# Tests for convergences

• Jul 8th 2009, 07:57 PM
Juancd08
Tests for convergences
SUM(arctan(a_n) converges if and only if SUM(a_n) converges.

a_n in this case is a sequence of positive numbers.
• Jul 12th 2009, 10:09 AM
mathemanyak
[quote=Juancd08;337083]SUM(arctan(a_n) converges if and only if SUM(a_n) converges.

preposition
1.Let arctan(a_n)=b_n => tan(b_n)=a_n
2.ıf any sequence is converges than its subsequences also converge.
Solution
tan(b_n) is a subsequence of b_n. By the comparison princeple if b_n is converge then tan b_n also converge.
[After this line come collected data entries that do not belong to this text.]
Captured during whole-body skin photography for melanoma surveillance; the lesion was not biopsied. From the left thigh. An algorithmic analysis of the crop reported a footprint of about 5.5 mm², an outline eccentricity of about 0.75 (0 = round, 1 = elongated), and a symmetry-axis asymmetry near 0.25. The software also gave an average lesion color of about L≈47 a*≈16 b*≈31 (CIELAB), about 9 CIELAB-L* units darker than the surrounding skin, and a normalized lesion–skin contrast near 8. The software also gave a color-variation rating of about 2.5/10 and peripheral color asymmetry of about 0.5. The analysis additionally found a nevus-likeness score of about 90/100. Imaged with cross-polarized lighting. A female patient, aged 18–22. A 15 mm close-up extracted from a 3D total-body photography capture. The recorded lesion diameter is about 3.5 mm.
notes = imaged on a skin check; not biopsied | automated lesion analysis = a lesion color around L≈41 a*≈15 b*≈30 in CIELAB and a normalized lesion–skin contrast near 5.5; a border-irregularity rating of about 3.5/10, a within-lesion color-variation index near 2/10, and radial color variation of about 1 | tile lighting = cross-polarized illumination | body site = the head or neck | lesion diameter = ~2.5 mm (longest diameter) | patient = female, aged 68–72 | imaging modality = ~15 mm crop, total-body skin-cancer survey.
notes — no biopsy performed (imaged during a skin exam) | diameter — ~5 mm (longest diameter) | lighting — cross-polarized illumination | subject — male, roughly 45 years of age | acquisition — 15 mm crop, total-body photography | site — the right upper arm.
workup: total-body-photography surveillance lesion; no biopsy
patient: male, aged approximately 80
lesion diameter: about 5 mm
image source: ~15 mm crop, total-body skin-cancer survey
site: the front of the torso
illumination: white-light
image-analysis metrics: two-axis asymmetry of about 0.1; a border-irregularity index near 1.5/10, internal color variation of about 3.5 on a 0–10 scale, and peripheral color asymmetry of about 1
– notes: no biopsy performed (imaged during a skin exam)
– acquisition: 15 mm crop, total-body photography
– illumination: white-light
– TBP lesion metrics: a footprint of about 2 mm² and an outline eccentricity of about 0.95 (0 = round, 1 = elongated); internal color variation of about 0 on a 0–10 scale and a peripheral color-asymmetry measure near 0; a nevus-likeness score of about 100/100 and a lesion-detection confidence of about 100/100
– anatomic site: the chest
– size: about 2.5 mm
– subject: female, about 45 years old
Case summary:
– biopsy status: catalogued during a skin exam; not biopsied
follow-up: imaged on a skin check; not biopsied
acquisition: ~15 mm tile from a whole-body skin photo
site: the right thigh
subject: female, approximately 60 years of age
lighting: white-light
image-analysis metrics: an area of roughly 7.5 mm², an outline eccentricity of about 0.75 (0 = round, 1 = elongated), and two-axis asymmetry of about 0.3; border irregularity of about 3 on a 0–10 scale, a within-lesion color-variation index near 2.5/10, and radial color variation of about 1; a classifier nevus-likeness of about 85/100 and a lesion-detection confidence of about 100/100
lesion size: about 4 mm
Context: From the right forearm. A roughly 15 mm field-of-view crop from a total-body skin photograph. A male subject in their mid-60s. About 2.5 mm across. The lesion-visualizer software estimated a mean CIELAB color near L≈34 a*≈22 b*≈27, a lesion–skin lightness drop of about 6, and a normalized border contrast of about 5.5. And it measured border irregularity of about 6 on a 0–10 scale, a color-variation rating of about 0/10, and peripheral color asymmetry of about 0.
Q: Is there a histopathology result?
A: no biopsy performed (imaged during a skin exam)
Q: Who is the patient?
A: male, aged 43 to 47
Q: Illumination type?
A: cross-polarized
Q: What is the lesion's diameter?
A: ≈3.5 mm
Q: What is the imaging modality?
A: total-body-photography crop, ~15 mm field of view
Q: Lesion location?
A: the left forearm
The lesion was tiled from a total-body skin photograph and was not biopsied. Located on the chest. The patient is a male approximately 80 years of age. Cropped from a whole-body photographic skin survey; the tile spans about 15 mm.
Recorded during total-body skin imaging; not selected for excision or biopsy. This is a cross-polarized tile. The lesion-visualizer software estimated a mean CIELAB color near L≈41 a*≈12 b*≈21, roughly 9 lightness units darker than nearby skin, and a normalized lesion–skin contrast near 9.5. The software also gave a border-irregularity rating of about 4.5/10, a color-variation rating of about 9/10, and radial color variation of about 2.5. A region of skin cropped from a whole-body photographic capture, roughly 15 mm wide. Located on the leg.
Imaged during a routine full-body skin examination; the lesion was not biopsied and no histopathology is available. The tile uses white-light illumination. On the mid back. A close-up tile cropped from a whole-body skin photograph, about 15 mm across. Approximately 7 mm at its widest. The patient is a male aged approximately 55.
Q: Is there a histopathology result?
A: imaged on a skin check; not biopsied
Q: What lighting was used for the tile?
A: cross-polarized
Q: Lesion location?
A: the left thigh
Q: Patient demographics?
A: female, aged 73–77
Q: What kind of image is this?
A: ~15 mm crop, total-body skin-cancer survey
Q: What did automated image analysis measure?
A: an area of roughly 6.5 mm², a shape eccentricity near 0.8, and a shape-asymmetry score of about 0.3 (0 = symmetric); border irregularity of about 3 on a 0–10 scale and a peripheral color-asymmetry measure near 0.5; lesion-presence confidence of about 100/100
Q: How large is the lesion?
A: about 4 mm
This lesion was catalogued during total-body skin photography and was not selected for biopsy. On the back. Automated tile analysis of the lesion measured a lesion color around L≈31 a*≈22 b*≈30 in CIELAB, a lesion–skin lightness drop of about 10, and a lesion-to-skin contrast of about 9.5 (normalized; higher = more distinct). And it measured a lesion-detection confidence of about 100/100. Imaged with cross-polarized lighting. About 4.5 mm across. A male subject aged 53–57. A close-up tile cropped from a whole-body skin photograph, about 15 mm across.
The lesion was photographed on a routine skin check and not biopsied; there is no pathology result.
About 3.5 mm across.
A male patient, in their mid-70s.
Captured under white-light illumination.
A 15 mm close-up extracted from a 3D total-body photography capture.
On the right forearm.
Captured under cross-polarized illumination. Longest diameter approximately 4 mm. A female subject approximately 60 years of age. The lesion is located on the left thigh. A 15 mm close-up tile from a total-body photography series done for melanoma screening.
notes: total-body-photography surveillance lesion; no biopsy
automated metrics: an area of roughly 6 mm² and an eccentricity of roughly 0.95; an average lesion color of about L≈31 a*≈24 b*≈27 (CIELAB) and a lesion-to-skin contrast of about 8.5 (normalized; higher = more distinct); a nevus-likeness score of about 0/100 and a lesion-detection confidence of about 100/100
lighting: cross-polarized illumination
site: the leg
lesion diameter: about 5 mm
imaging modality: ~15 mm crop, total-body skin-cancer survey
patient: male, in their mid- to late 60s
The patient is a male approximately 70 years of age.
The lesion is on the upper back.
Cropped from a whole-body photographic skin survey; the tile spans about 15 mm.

Conversly now show that if tan(b_n) is converge than b_n converges. Similiarly arctan(a_n) is subsequence of a_n then right handed also satisfies. then proof is done
• Jul 12th 2009, 11:12 AM
HallsofIvy
[QUOTE=mathemanyak;338106]
Quote:

Originally Posted by Juancd08
SUM(arctan(a_n) converges if and only if SUM(a_n) converges.

preposition
1.Let arctan(a_n)=b_n => tan(b_n)=a_n
2.ıf any sequence is converges than its subsequences also converge.
Solution
tan(b_n) is a subsequence of b_n. By the comparison princeple if b_n is converge then tan b_n also converge. Conversly now show that if tan(b_n) is converge than b_n converges. Similiarly arctan(a_n) is subsequence of a_n then right handed also satisfies. then proof is done

How is tan(b_n) a subsequence of b_n? You are saying that, for any positive integer m, there exist a positive integer n such that b_n= tan(b_m)? I don't see that. Or are you simply asserting that tan(b_n) is dominated by bn: that tan(b_n)< b_n for all n?